Gavin looked up from the mess half-laughing and half-groaning while rolling his eyes. Needless to say, he was the only one groaning, because right along with Emily belting out a laugh, so did his parents. Several damp paper towels, some cleaning product, and a quick mop of the floor later, Mr. Show Off’s failed attempt was a thing of the past. Within a half hour, Lillian had everything under control.
The four sat down in the dining room for a hearty, home-cooked meal of house salad, breaded eggplant parmesan, Italian bread, and courtesy of Gavin, a tiny helping of pasta. Emily relaxed a bit, enjoying the conversation while she could. She knew their news would soon end it.
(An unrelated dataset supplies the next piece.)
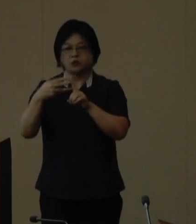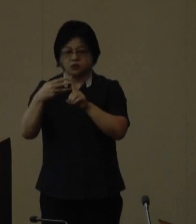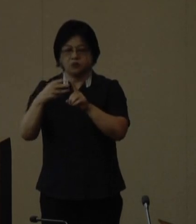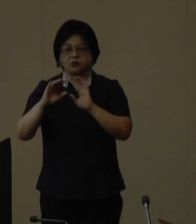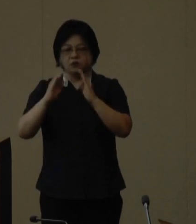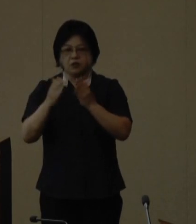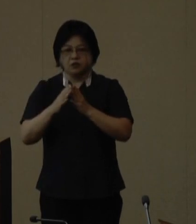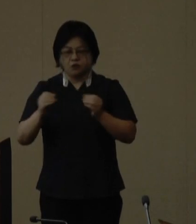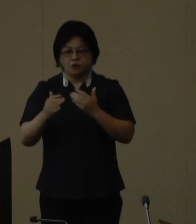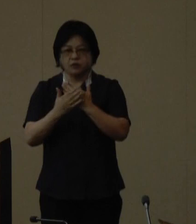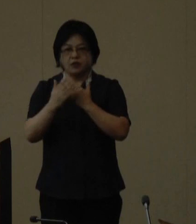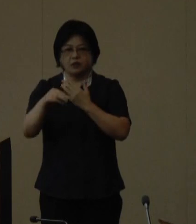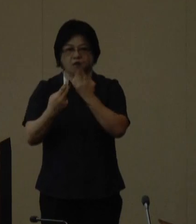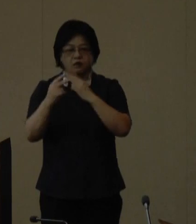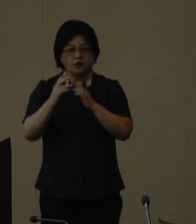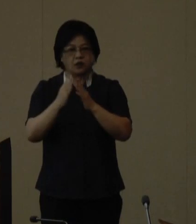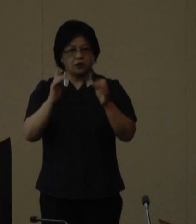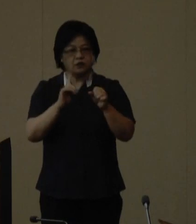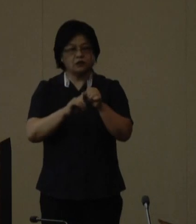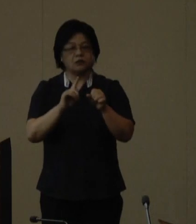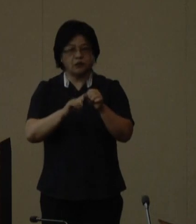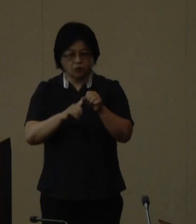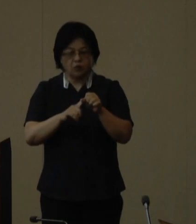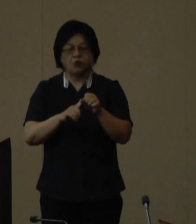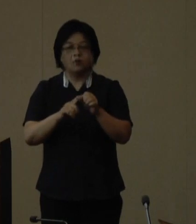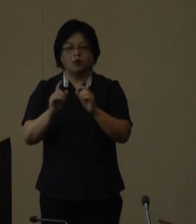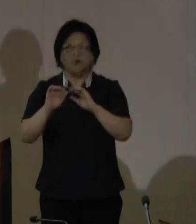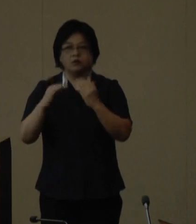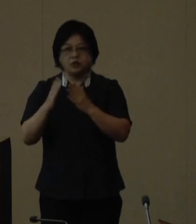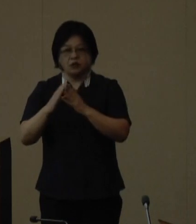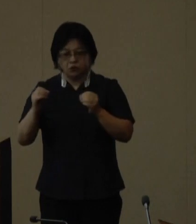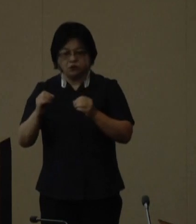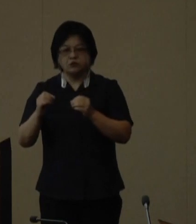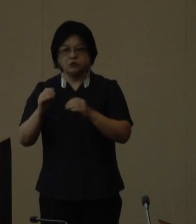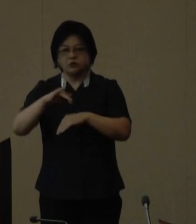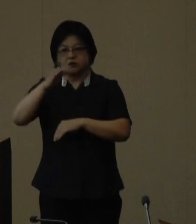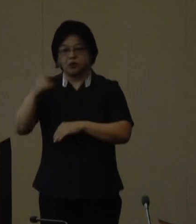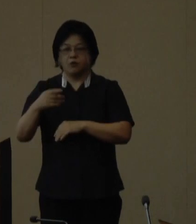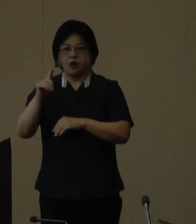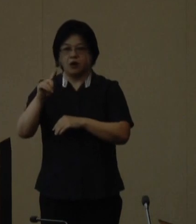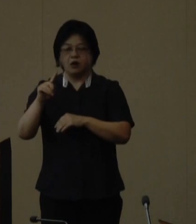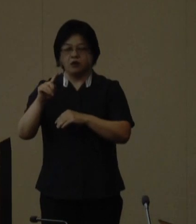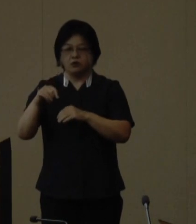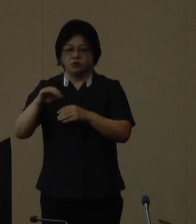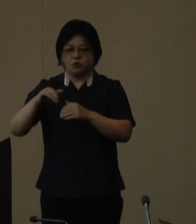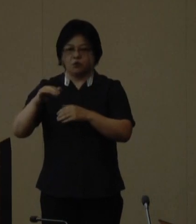開催地を決定する一般財団法人 全国山の日協議会へ要請してきたところ、

She learned Chad and Lillian met while attending Harvard Law School. Not quite your typical “love at first sight” story, but Emily found out where Gavin gained his tendency to relentlessly pursue what he wanted. Chad had chased Lillian for two semesters, insisting he was the man for her, until she eventually agreed to go out on one date with him. Emily inwardly laughed at how that apple didn’t fall far from the tree. To their surprise, Lillian found out she was pregnant with Colton the following year. They agreed she would leave school for the time being to stay home and raise Colton. A shotgun wedding, another baby, a mortgage, a dog, and Little League baseball practices later, Lillian never made her way back to law school. However, as Emily took in the story of their life together, there didn’t seem to be an ounce of regret in either of their eyes when they looked at one another. Instead, a lifetime of love and memories bled through every word, smile, and hoot of laughter.
After clearing the remnants of dinner from the table and waiting for his parents to bring dessert into the dining room, Gavin couldn’t help but hear Emily’s heel pat the hardwood floor in relentless, jerky taps. The sound echoed, pouncing off the walls like raindrops against a glass window. God, he hated that she was so nervous. It scorched his heart.
Before he could tell her everything was going to be fine, his parents breezed into the room, his father gripping a freshly brewed pot of coffee and his mother holding a homemade apple pie. With their seats reclaimed, Lillian sliced into the just out-of-the-oven dessert and served them each a slice. Staring at his father from across the table, Gavin could see he was nervous as well. His ashen, troubled expression told all. Gavin couldn’t even feign a smile as he slugged back the rest of his beer in one long gulp. Hell. His nerves were lighting up, but he knew he needed to strike up the damn conversation. However, his voice got tangled up in his racing thoughts, his words sticking to his tongue like molasses.